[SUPPLIED RECORDS Boundary: Start]

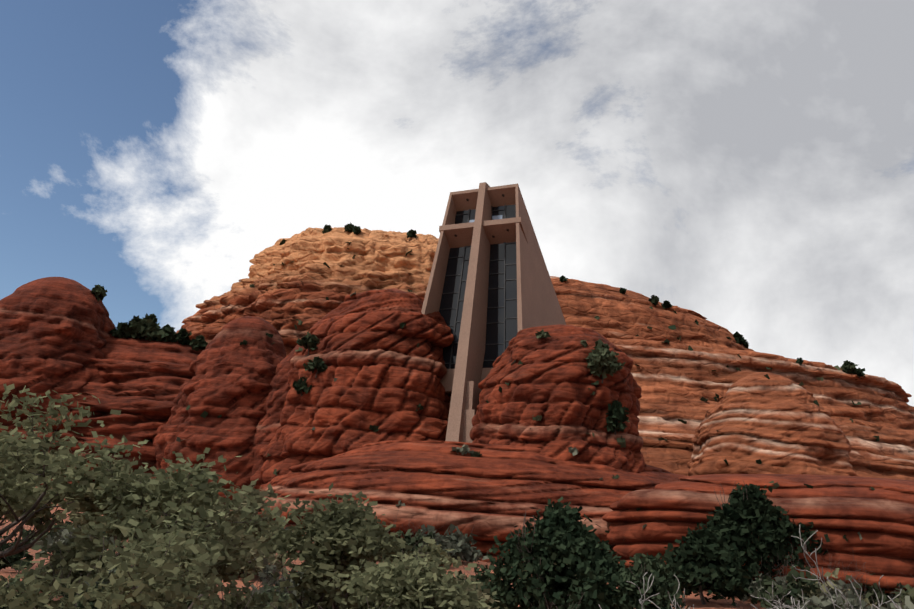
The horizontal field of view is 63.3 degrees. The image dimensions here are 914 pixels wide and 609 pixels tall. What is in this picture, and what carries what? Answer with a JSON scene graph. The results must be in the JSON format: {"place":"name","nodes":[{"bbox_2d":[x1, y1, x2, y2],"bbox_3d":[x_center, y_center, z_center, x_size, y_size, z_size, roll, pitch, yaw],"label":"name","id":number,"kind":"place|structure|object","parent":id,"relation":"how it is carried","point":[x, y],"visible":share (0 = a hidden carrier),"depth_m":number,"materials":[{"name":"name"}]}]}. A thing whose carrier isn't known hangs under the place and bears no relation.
{"place":"outdoors","nodes":[
{"label":"outdoors","id":0,"kind":"place"},
{"bbox_2d":[176,227,438,355],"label":"butte","id":1,"kind":"object","parent":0,"point":[279,296],"visible":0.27,"depth_m":205.66,"materials":[{"name":"orange stone"}]},
{"bbox_2d":[322,224,331,233],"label":"shrub","id":2,"kind":"object","parent":1,"relation":"on","point":[327,228],"visible":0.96,"depth_m":216.07,"materials":[{"name":"green plant"}]},
{"bbox_2d":[344,222,354,232],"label":"shrub","id":3,"kind":"object","parent":1,"relation":"on","point":[349,227],"visible":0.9,"depth_m":215.19,"materials":[{"name":"green plant"}]},
{"bbox_2d":[353,226,361,234],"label":"shrub","id":4,"kind":"object","parent":1,"relation":"on","point":[357,230],"visible":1,"depth_m":213.52,"materials":[{"name":"green plant"}]},
{"bbox_2d":[407,229,416,237],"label":"shrub","id":5,"kind":"object","parent":1,"relation":"on","point":[411,233],"visible":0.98,"depth_m":215.08,"materials":[{"name":"green plant"}]},
{"bbox_2d":[0,486,877,608],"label":"ground","id":6,"kind":"structure","parent":0,"point":[691,599],"depth_m":42.17,"materials":[{"name":"red soil"}]},
{"bbox_2d":[0,515,38,570],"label":"scrub","id":7,"kind":"object","parent":6,"relation":"on","point":[15,559],"visible":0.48,"depth_m":28.54,"materials":[{"name":"green plant"}]},
{"bbox_2d":[0,544,71,608],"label":"scrub","id":8,"kind":"object","parent":6,"relation":"on","point":[21,585],"visible":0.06,"depth_m":18.46,"materials":[{"name":"green plant"}]},
{"bbox_2d":[0,458,73,525],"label":"bush","id":9,"kind":"object","parent":6,"relation":"on","point":[4,512],"visible":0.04,"depth_m":31.71,"materials":[{"name":"green plant"}]},
{"bbox_2d":[14,520,66,548],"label":"scrub","id":10,"kind":"object","parent":6,"relation":"on","point":[51,532],"visible":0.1,"depth_m":43.13,"materials":[{"name":"green plant"}]},
{"bbox_2d":[0,277,115,431],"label":"dome","id":11,"kind":"structure","parent":6,"relation":"on","point":[55,333],"depth_m":96.48,"materials":[{"name":"red stone"}]},
{"bbox_2d":[90,284,107,300],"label":"shrub","id":12,"kind":"object","parent":11,"relation":"on","point":[98,291],"visible":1,"depth_m":104.32,"materials":[{"name":"green plant"}]},
{"bbox_2d":[0,419,131,558],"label":"mesquite","id":13,"kind":"object","parent":6,"relation":"on","point":[40,526],"visible":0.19,"depth_m":24.68,"materials":[{"name":"green plant"}]},
{"bbox_2d":[21,522,117,584],"bbox_3d":[-13.419,9.087,26.767,3.855,2.593,3.692,-10,-22,38],"label":"scrub","id":14,"kind":"object","parent":6,"relation":"on","point":[39,554],"visible":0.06,"depth_m":26.33,"materials":[{"name":"green plant"}]},
{"bbox_2d":[30,520,114,555],"bbox_3d":[-20.308,12.177,39.799,3.844,2.844,3.802,-2,-18,18],"label":"scrub","id":15,"kind":"object","parent":6,"relation":"on","point":[62,539],"visible":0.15,"depth_m":38.89,"materials":[{"name":"green plant"}]},
{"bbox_2d":[0,384,151,546],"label":"bush","id":16,"kind":"object","parent":6,"relation":"on","point":[18,500],"visible":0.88,"depth_m":12.96,"materials":[{"name":"green plant"}]},
{"bbox_2d":[28,529,135,594],"bbox_3d":[-12.877,8.854,25.949,3.883,2.622,3.832,5,-17,-2],"label":"scrub","id":17,"kind":"object","parent":6,"relation":"on","point":[71,554],"visible":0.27,"depth_m":24.84,"materials":[{"name":"green plant"}]},
{"bbox_2d":[51,514,112,537],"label":"scrub","id":18,"kind":"object","parent":6,"relation":"on","point":[67,524],"depth_m":45.50,"materials":[{"name":"green plant"}]},
{"bbox_2d":[56,568,125,608],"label":"scrub","id":19,"kind":"object","parent":6,"relation":"on","point":[105,580],"visible":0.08,"depth_m":19.79,"materials":[{"name":"green plant"}]},
{"bbox_2d":[7,335,202,484],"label":"rock formation","id":20,"kind":"object","parent":6,"relation":"on","point":[140,389],"visible":0.17,"depth_m":93.84,"materials":[{"name":"red stone"}]},
{"bbox_2d":[109,322,130,338],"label":"shrub","id":21,"kind":"object","parent":20,"relation":"on","point":[117,331],"visible":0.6,"depth_m":105.54,"materials":[{"name":"green plant"}]},
{"bbox_2d":[121,316,144,337],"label":"shrub","id":22,"kind":"object","parent":20,"relation":"on","point":[128,329],"visible":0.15,"depth_m":105.57,"materials":[{"name":"green plant"}]},
{"bbox_2d":[129,313,160,340],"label":"shrub","id":23,"kind":"object","parent":20,"relation":"on","point":[148,326],"visible":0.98,"depth_m":105.08,"materials":[{"name":"green plant"}]},
{"bbox_2d":[156,324,175,342],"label":"shrub","id":24,"kind":"object","parent":20,"relation":"on","point":[166,333],"visible":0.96,"depth_m":105.41,"materials":[{"name":"green plant"}]},
{"bbox_2d":[175,328,191,345],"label":"shrub","id":25,"kind":"object","parent":20,"relation":"on","point":[182,335],"visible":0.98,"depth_m":106.22,"materials":[{"name":"green plant"}]},
{"bbox_2d":[189,335,207,350],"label":"shrub","id":26,"kind":"object","parent":20,"relation":"on","point":[198,343],"visible":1,"depth_m":105.64,"materials":[{"name":"green plant"}]},
{"bbox_2d":[53,555,166,608],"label":"scrub","id":27,"kind":"object","parent":6,"relation":"on","point":[97,583],"visible":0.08,"depth_m":20.51,"materials":[{"name":"green plant"}]},
{"bbox_2d":[61,535,189,608],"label":"scrub","id":28,"kind":"object","parent":6,"relation":"on","point":[80,604],"visible":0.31,"depth_m":11.26,"materials":[{"name":"green plant"}]},
{"bbox_2d":[0,510,253,608],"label":"bush","id":29,"kind":"object","parent":6,"relation":"on","point":[127,593],"visible":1,"depth_m":7.20,"materials":[{"name":"green plant"}]},
{"bbox_2d":[34,459,265,605],"bbox_3d":[-6.404,5.472,15.391,4.695,4.280,4.900,5,-17,-2],"label":"bush","id":30,"kind":"object","parent":6,"relation":"on","point":[238,560],"visible":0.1,"depth_m":15.40,"materials":[{"name":"green plant"}]},
{"bbox_2d":[113,565,199,607],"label":"scrub","id":31,"kind":"object","parent":6,"relation":"on","point":[189,603],"visible":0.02,"depth_m":22.81,"materials":[{"name":"green plant"}]},
{"bbox_2d":[36,431,295,607],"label":"bush","id":32,"kind":"object","parent":6,"relation":"on","point":[184,488],"visible":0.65,"depth_m":13.56,"materials":[{"name":"green plant"}]},
{"bbox_2d":[150,316,285,499],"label":"dome","id":33,"kind":"structure","parent":6,"relation":"on","point":[230,380],"depth_m":88.47,"materials":[{"name":"red stone"}]},
{"bbox_2d":[200,411,207,417],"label":"shrub","id":34,"kind":"object","parent":33,"relation":"on","point":[204,414],"visible":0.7,"depth_m":87.07,"materials":[{"name":"green plant"}]},
{"bbox_2d":[192,566,291,608],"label":"scrub","id":35,"kind":"object","parent":6,"relation":"on","point":[234,598],"visible":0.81,"depth_m":20.36,"materials":[{"name":"green plant"}]},
{"bbox_2d":[168,462,317,608],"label":"mesquite","id":36,"kind":"object","parent":6,"relation":"on","point":[258,494],"visible":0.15,"depth_m":21.16,"materials":[{"name":"green plant"}]},
{"bbox_2d":[218,524,288,574],"bbox_3d":[-10.709,11.854,37.658,4.874,3.867,4.905,5,-17,-2],"label":"scrub","id":37,"kind":"object","parent":6,"relation":"on","point":[255,553],"visible":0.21,"depth_m":36.53,"materials":[{"name":"green plant"}]},
{"bbox_2d":[203,579,333,608],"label":"scrub","id":38,"kind":"object","parent":6,"relation":"on","point":[247,603],"visible":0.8,"depth_m":7.98,"materials":[{"name":"green plant"}]},
{"bbox_2d":[251,564,297,608],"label":"scrub","id":39,"kind":"object","parent":6,"relation":"on","point":[270,593],"visible":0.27,"depth_m":26.91,"materials":[{"name":"green plant"}]},
{"bbox_2d":[248,344,303,489],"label":"rock formation","id":40,"kind":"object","parent":6,"relation":"on","point":[274,400],"depth_m":87.12,"materials":[{"name":"red stone"}]},
{"bbox_2d":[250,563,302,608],"bbox_3d":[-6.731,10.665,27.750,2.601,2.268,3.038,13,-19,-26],"label":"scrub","id":41,"kind":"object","parent":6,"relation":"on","point":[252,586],"visible":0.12,"depth_m":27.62,"materials":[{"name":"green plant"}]},
{"bbox_2d":[258,551,338,607],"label":"scrub","id":42,"kind":"object","parent":6,"relation":"on","point":[270,568],"visible":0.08,"depth_m":30.21,"materials":[{"name":"green plant"}]},
{"bbox_2d":[243,483,424,608],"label":"bush","id":43,"kind":"object","parent":6,"relation":"on","point":[336,533],"visible":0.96,"depth_m":17.13,"materials":[{"name":"green plant"}]},
{"bbox_2d":[268,587,439,608],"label":"scrub","id":44,"kind":"object","parent":6,"relation":"on","point":[367,602],"visible":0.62,"depth_m":9.92,"materials":[{"name":"green plant"}]},
{"bbox_2d":[365,510,408,559],"bbox_3d":[-5.114,15.887,51.120,5.214,3.612,4.546,19,-22,-38],"label":"scrub","id":45,"kind":"object","parent":6,"relation":"on","point":[391,537],"visible":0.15,"depth_m":50.25,"materials":[{"name":"green plant"}]},
{"bbox_2d":[403,521,426,551],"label":"scrub","id":46,"kind":"object","parent":6,"relation":"on","point":[409,534],"visible":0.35,"depth_m":52.18,"materials":[{"name":"green plant"}]},
{"bbox_2d":[393,523,440,550],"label":"scrub","id":47,"kind":"object","parent":6,"relation":"on","point":[420,537],"visible":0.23,"depth_m":52.68,"materials":[{"name":"green plant"}]},
{"bbox_2d":[329,542,507,608],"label":"bush","id":48,"kind":"object","parent":6,"relation":"on","point":[415,583],"visible":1,"depth_m":10.25,"materials":[{"name":"green plant"}]},
{"bbox_2d":[393,541,452,576],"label":"scrub","id":49,"kind":"object","parent":6,"relation":"on","point":[439,567],"visible":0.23,"depth_m":37.76,"materials":[{"name":"green plant"}]},
{"bbox_2d":[404,535,461,566],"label":"scrub","id":50,"kind":"object","parent":6,"relation":"on","point":[435,550],"visible":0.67,"depth_m":49.32,"materials":[{"name":"green plant"}]},
{"bbox_2d":[421,516,488,562],"bbox_3d":[-0.511,16.890,53.107,5.312,3.418,6.128,8,-18,-12],"label":"scrub","id":51,"kind":"object","parent":6,"relation":"on","point":[458,541],"visible":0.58,"depth_m":52.06,"materials":[{"name":"green plant"}]},
{"bbox_2d":[445,570,499,608],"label":"bush","id":52,"kind":"object","parent":6,"relation":"on","point":[479,591],"visible":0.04,"depth_m":21.14,"materials":[{"name":"green plant"}]},
{"bbox_2d":[447,548,503,608],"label":"scrub","id":53,"kind":"object","parent":6,"relation":"on","point":[483,577],"visible":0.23,"depth_m":34.02,"materials":[{"name":"green plant"}]},
{"bbox_2d":[516,586,581,608],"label":"scrub","id":54,"kind":"object","parent":6,"relation":"on","point":[564,605],"visible":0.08,"depth_m":30.42,"materials":[{"name":"green plant"}]},
{"bbox_2d":[480,497,628,608],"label":"juniper","id":55,"kind":"object","parent":6,"relation":"on","point":[560,535],"visible":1,"depth_m":27.36,"materials":[{"name":"green plant"}]},
{"bbox_2d":[524,592,584,608],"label":"scrub","id":56,"kind":"object","parent":6,"relation":"on","point":[560,606],"visible":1,"depth_m":23.68,"materials":[{"name":"green plant"}]},
{"bbox_2d":[596,532,631,577],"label":"scrub","id":57,"kind":"object","parent":6,"relation":"on","point":[618,565],"visible":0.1,"depth_m":50.89,"materials":[{"name":"green plant"}]},
{"bbox_2d":[608,552,690,608],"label":"bush","id":58,"kind":"object","parent":6,"relation":"on","point":[629,595],"visible":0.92,"depth_m":25.63,"materials":[{"name":"green plant"}]},
{"bbox_2d":[657,524,758,605],"bbox_3d":[14.114,14.719,41.718,5.307,4.634,5.906,-8,-21,34],"label":"juniper","id":59,"kind":"object","parent":6,"relation":"on","point":[700,558],"visible":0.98,"depth_m":40.81,"materials":[{"name":"green plant"}]},
{"bbox_2d":[599,572,901,608],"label":"dead bush","id":60,"kind":"object","parent":6,"relation":"on","point":[894,604],"visible":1,"depth_m":8.87,"materials":[{"name":"grey plant"}]},
{"bbox_2d":[602,474,913,593],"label":"ledge","id":61,"kind":"object","parent":6,"relation":"on","point":[837,508],"visible":0.56,"depth_m":49.67,"materials":[{"name":"red stone"}]},
{"bbox_2d":[769,481,779,488],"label":"shrub","id":62,"kind":"object","parent":61,"relation":"on","point":[776,485],"visible":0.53,"depth_m":51.44,"materials":[{"name":"green plant"}]},
{"bbox_2d":[805,522,813,527],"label":"shrub","id":63,"kind":"object","parent":61,"relation":"on","point":[811,525],"visible":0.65,"depth_m":47.70,"materials":[{"name":"green plant"}]},
{"bbox_2d":[696,481,829,580],"bbox_3d":[19.601,15.505,48.494,9.149,7.545,8.010,5,-17,-2],"label":"juniper","id":64,"kind":"object","parent":6,"relation":"on","point":[741,512],"visible":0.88,"depth_m":46.71,"materials":[{"name":"green plant"}]},
{"bbox_2d":[743,557,788,601],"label":"scrub","id":65,"kind":"object","parent":6,"relation":"on","point":[757,588],"visible":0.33,"depth_m":43.24,"materials":[{"name":"green plant"}]},
{"bbox_2d":[687,372,858,476],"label":"dome","id":66,"kind":"structure","parent":6,"relation":"on","point":[777,424],"depth_m":90.12,"materials":[{"name":"stone"}]},
{"bbox_2d":[747,545,843,608],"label":"scrub","id":67,"kind":"object","parent":6,"relation":"on","point":[793,588],"visible":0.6,"depth_m":39.10,"materials":[{"name":"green plant"}]},
{"bbox_2d":[750,524,901,608],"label":"dead bush","id":68,"kind":"object","parent":6,"relation":"on","point":[788,606],"visible":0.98,"depth_m":10.05,"materials":[{"name":"grey plant"}]},
{"bbox_2d":[785,556,875,606],"bbox_3d":[19.959,15.047,39.450,5.407,3.215,4.283,12,-19,-25],"label":"scrub","id":69,"kind":"object","parent":6,"relation":"on","point":[828,574],"visible":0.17,"depth_m":38.77,"materials":[{"name":"green plant"}]},
{"bbox_2d":[789,550,887,608],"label":"scrub","id":70,"kind":"object","parent":6,"relation":"on","point":[824,600],"visible":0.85,"depth_m":32.52,"materials":[{"name":"green plant"}]},
{"bbox_2d":[815,585,868,608],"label":"scrub","id":71,"kind":"object","parent":6,"relation":"on","point":[841,606],"visible":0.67,"depth_m":30.86,"materials":[{"name":"green plant"}]},
{"bbox_2d":[845,585,913,608],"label":"scrub","id":72,"kind":"object","parent":6,"relation":"on","point":[908,603],"visible":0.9,"depth_m":29.13,"materials":[{"name":"green plant"}]},
{"bbox_2d":[854,587,904,607],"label":"scrub","id":73,"kind":"object","parent":6,"relation":"on","point":[877,601],"visible":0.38,"depth_m":32.89,"materials":[{"name":"green plant"}]},
{"bbox_2d":[852,548,908,607],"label":"scrub","id":74,"kind":"object","parent":6,"relation":"on","point":[870,593],"visible":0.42,"depth_m":45.21,"materials":[{"name":"green plant"}]},
{"bbox_2d":[891,573,913,608],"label":"scrub","id":75,"kind":"object","parent":6,"relation":"on","point":[909,588],"visible":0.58,"depth_m":41.13,"materials":[{"name":"green plant"}]},
{"bbox_2d":[0,0,913,406],"label":"sky","id":76,"kind":"structure","parent":0,"point":[745,166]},
{"bbox_2d":[245,440,685,562],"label":"terrace","id":77,"kind":"structure","parent":0,"point":[492,491],"depth_m":61.47,"materials":[{"name":"red stone"}]},
{"bbox_2d":[259,288,453,490],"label":"knob","id":78,"kind":"object","parent":77,"relation":"on","point":[386,371],"visible":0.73,"depth_m":80.63,"materials":[{"name":"red stone"}]},
{"bbox_2d":[292,376,312,395],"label":"shrub","id":79,"kind":"object","parent":78,"relation":"on","point":[299,385],"visible":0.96,"depth_m":81.73,"materials":[{"name":"green plant"}]},
{"bbox_2d":[296,331,319,355],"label":"shrub","id":80,"kind":"object","parent":78,"relation":"on","point":[308,341],"visible":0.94,"depth_m":84.62,"materials":[{"name":"green plant"}]},
{"bbox_2d":[303,356,327,377],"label":"shrub","id":81,"kind":"object","parent":78,"relation":"on","point":[318,364],"visible":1,"depth_m":81.19,"materials":[{"name":"green plant"}]},
{"bbox_2d":[369,425,379,431],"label":"shrub","id":82,"kind":"object","parent":78,"relation":"on","point":[374,428],"visible":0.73,"depth_m":77.41,"materials":[{"name":"green plant"}]},
{"bbox_2d":[399,322,405,328],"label":"shrub","id":83,"kind":"object","parent":78,"relation":"on","point":[402,324],"visible":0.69,"depth_m":82.40,"materials":[{"name":"green plant"}]},
{"bbox_2d":[396,500,405,506],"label":"shrub","id":84,"kind":"object","parent":77,"relation":"on","point":[400,503],"visible":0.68,"depth_m":58.06,"materials":[{"name":"green plant"}]},
{"bbox_2d":[452,444,473,454],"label":"shrub","id":85,"kind":"object","parent":77,"relation":"on","point":[464,449],"visible":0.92,"depth_m":65.73,"materials":[{"name":"green plant"}]},
{"bbox_2d":[470,451,481,456],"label":"shrub","id":86,"kind":"object","parent":77,"relation":"on","point":[475,454],"visible":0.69,"depth_m":65.73,"materials":[{"name":"green plant"}]},
{"bbox_2d":[421,182,565,442],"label":"chapel","id":87,"kind":"structure","parent":77,"relation":"on","point":[537,303],"depth_m":85.36,"materials":[{"name":"concrete"}]},
{"bbox_2d":[439,204,517,368],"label":"window","id":88,"kind":"structure","parent":87,"relation":"attached to","point":[501,328],"depth_m":86.24,"materials":[{"name":"black glass"}]},
{"bbox_2d":[454,194,508,237],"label":"ceiling lights","id":89,"kind":"object","parent":87,"relation":"attached to","point":[467,199],"visible":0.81,"depth_m":87.86},
{"bbox_2d":[469,324,646,472],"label":"knob","id":90,"kind":"object","parent":77,"relation":"on","point":[549,380],"visible":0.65,"depth_m":70.57,"materials":[{"name":"red stone"}]},
{"bbox_2d":[533,415,541,420],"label":"shrub","id":91,"kind":"object","parent":90,"relation":"on","point":[537,418],"visible":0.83,"depth_m":69.29,"materials":[{"name":"green plant"}]},
{"bbox_2d":[535,329,550,338],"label":"shrub","id":92,"kind":"object","parent":90,"relation":"on","point":[541,334],"visible":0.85,"depth_m":73.44,"materials":[{"name":"green plant"}]},
{"bbox_2d":[568,447,577,455],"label":"shrub","id":93,"kind":"object","parent":90,"relation":"on","point":[574,451],"visible":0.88,"depth_m":66.51,"materials":[{"name":"green plant"}]},
{"bbox_2d":[580,340,587,347],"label":"shrub","id":94,"kind":"object","parent":90,"relation":"on","point":[584,343],"visible":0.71,"depth_m":72.12,"materials":[{"name":"green plant"}]},
{"bbox_2d":[586,339,624,382],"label":"shrub","id":95,"kind":"object","parent":90,"relation":"on","point":[601,357],"visible":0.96,"depth_m":70.37,"materials":[{"name":"green plant"}]},
{"bbox_2d":[604,399,629,434],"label":"shrub","id":96,"kind":"object","parent":90,"relation":"on","point":[617,413],"visible":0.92,"depth_m":70.00,"materials":[{"name":"green plant"}]},
{"bbox_2d":[617,437,625,442],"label":"shrub","id":97,"kind":"object","parent":90,"relation":"attached to","point":[621,440],"visible":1,"depth_m":69.52,"materials":[{"name":"green plant"}]},
{"bbox_2d":[618,442,625,447],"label":"shrub","id":98,"kind":"object","parent":90,"relation":"on","point":[623,444],"visible":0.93,"depth_m":69.35,"materials":[{"name":"green plant"}]},
{"bbox_2d":[550,276,913,479],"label":"slope","id":99,"kind":"structure","parent":0,"point":[675,378],"depth_m":137.51,"materials":[{"name":"stone"}]},
{"bbox_2d":[559,275,567,281],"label":"shrub","id":100,"kind":"object","parent":99,"relation":"on","point":[562,278],"visible":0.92,"depth_m":158.96,"materials":[{"name":"green plant"}]},
{"bbox_2d":[619,287,626,293],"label":"shrub","id":101,"kind":"object","parent":99,"relation":"on","point":[622,290],"visible":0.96,"depth_m":159.61,"materials":[{"name":"green plant"}]},
{"bbox_2d":[648,295,658,305],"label":"shrub","id":102,"kind":"object","parent":99,"relation":"on","point":[653,299],"visible":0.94,"depth_m":157.28,"materials":[{"name":"green plant"}]},
{"bbox_2d":[661,300,671,309],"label":"shrub","id":103,"kind":"object","parent":99,"relation":"on","point":[666,304],"visible":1,"depth_m":158.11,"materials":[{"name":"green plant"}]},
{"bbox_2d":[733,332,743,344],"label":"shrub","id":104,"kind":"object","parent":99,"relation":"on","point":[738,337],"visible":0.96,"depth_m":161.32,"materials":[{"name":"green plant"}]},
{"bbox_2d":[743,339,748,347],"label":"shrub","id":105,"kind":"object","parent":99,"relation":"on","point":[745,343],"visible":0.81,"depth_m":162.78,"materials":[{"name":"green plant"}]},
{"bbox_2d":[796,358,803,365],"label":"shrub","id":106,"kind":"object","parent":99,"relation":"on","point":[799,361],"visible":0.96,"depth_m":140.27,"materials":[{"name":"green plant"}]},
{"bbox_2d":[840,360,857,373],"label":"shrub","id":107,"kind":"object","parent":99,"relation":"on","point":[847,366],"visible":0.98,"depth_m":142.27,"materials":[{"name":"green plant"}]},
{"bbox_2d":[855,368,864,379],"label":"shrub","id":108,"kind":"object","parent":99,"relation":"on","point":[859,372],"visible":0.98,"depth_m":141.91,"materials":[{"name":"green plant"}]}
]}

[SUPPLIED RECORDS Boundary: End]

## BRIEF
Working through the records above, copy each line in which "outdoors" is found.

## RESPONSE
{"place":"outdoors","nodes":[
{"label":"outdoors","id":0,"kind":"place"},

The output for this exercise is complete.